Collected data entries.

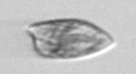
Label: Prorocentrum_dentatum
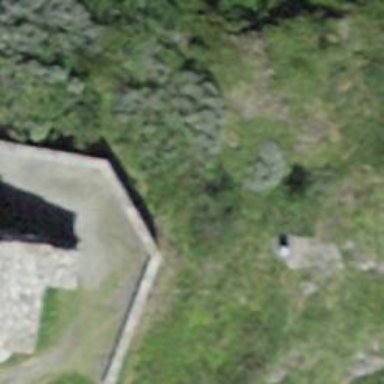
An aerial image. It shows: Stone wall.
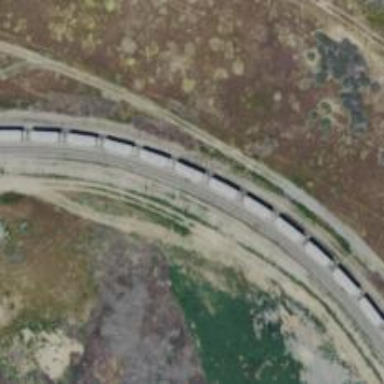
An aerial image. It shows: Railway siding with rails.
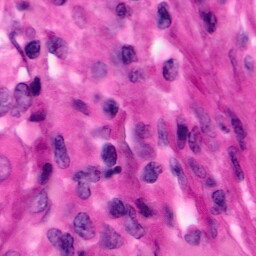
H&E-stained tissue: Pancreatic
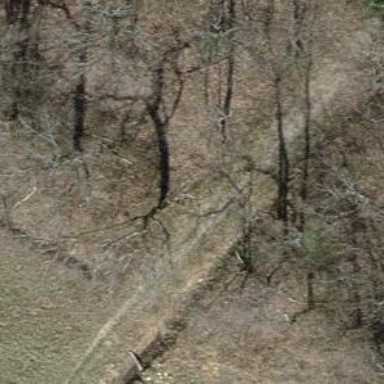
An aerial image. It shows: Path.
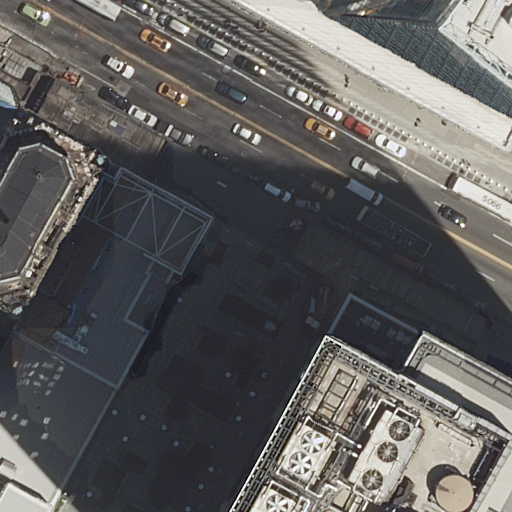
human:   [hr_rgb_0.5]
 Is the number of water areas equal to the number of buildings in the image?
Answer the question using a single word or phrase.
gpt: no

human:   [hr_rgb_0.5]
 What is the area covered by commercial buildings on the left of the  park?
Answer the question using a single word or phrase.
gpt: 0m2

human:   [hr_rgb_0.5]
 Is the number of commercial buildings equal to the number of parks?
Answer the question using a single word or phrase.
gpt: no

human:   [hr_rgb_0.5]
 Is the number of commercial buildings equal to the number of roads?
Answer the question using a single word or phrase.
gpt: no

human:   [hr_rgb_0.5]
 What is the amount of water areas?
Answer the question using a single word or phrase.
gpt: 0

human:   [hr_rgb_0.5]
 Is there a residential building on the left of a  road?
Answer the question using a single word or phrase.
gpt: yes

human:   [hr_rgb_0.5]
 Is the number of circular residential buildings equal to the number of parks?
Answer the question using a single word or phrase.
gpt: no

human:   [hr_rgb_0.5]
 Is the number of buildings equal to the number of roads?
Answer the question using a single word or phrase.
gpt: yes

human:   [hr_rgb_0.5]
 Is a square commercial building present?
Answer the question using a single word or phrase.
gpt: no

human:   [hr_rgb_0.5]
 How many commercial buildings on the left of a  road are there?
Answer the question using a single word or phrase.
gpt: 0

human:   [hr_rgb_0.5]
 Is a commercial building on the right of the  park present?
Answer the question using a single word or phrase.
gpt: yes

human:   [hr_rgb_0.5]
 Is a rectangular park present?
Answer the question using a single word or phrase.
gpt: yes

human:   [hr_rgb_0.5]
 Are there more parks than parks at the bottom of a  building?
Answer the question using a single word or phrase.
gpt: no

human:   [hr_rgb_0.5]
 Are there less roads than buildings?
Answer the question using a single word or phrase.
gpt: no

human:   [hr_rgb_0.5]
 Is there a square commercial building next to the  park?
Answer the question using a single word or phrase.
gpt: no

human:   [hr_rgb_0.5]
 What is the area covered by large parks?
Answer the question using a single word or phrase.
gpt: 552m2

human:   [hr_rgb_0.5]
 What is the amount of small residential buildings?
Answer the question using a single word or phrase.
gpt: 0

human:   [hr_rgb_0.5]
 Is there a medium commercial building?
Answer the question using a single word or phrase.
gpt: no

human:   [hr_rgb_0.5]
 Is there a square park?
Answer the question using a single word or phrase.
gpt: no

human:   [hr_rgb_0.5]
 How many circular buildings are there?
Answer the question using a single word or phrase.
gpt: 0

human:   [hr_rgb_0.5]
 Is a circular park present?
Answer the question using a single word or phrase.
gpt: no

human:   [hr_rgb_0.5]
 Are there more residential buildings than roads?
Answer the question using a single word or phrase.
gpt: no

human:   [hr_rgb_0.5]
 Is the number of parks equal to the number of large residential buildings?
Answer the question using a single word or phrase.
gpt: yes

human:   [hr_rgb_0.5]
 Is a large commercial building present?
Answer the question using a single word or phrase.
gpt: yes

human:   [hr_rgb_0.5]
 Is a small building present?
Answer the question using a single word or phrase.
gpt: yes

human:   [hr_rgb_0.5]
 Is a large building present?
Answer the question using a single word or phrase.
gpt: yes

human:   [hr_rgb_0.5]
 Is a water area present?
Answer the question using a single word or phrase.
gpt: no

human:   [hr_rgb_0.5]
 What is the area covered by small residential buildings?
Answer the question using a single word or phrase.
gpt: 0m2

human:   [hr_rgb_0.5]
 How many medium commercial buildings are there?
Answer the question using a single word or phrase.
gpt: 0

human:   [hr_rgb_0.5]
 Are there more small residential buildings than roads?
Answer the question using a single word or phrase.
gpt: no

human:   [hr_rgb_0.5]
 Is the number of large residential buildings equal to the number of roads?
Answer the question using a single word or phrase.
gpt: no

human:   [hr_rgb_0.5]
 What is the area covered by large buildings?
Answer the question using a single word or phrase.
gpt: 6297m2

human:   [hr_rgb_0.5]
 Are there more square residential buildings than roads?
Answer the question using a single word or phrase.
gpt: no

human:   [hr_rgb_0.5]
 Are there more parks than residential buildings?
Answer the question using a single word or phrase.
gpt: no

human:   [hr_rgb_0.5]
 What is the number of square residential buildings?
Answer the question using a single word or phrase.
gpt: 0

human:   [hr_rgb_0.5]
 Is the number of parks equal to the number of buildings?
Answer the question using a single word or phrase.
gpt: no
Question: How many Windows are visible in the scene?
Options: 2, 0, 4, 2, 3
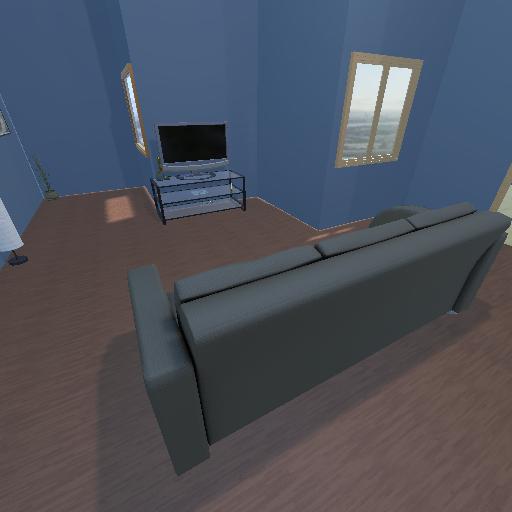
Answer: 2
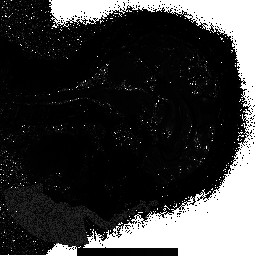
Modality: T2starmap
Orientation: sagittal
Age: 62
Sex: female
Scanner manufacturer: siemens
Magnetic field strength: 3 T
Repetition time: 0.043 s
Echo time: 0.00184 s
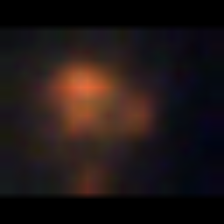
Taxon: NanoPlankton
Group: Other
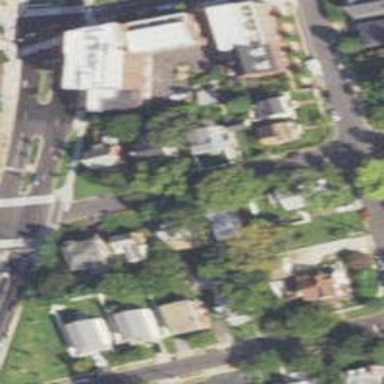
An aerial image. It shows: Neighborhood.
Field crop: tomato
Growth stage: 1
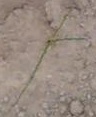
Species: cyperus
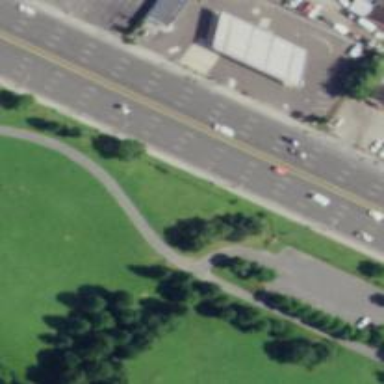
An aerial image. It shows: Cycleway.
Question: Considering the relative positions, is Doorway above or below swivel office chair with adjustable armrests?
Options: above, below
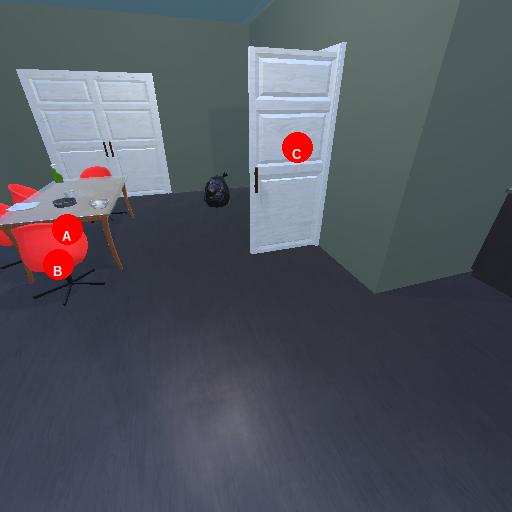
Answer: above
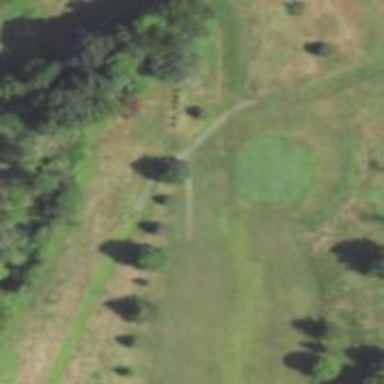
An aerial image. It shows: Path designed for golf carts.
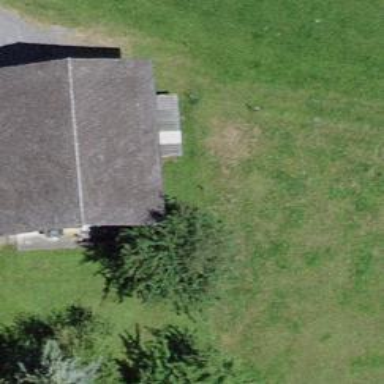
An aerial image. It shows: Shed.

BRIEF. Going through the entries above, show each line that contains "square".

RESULT.
 Is a square commercial building present?
 Is there a square commercial building next to the  park?
 Is there a square park?
 Are there more square residential buildings than roads?
 What is the number of square residential buildings?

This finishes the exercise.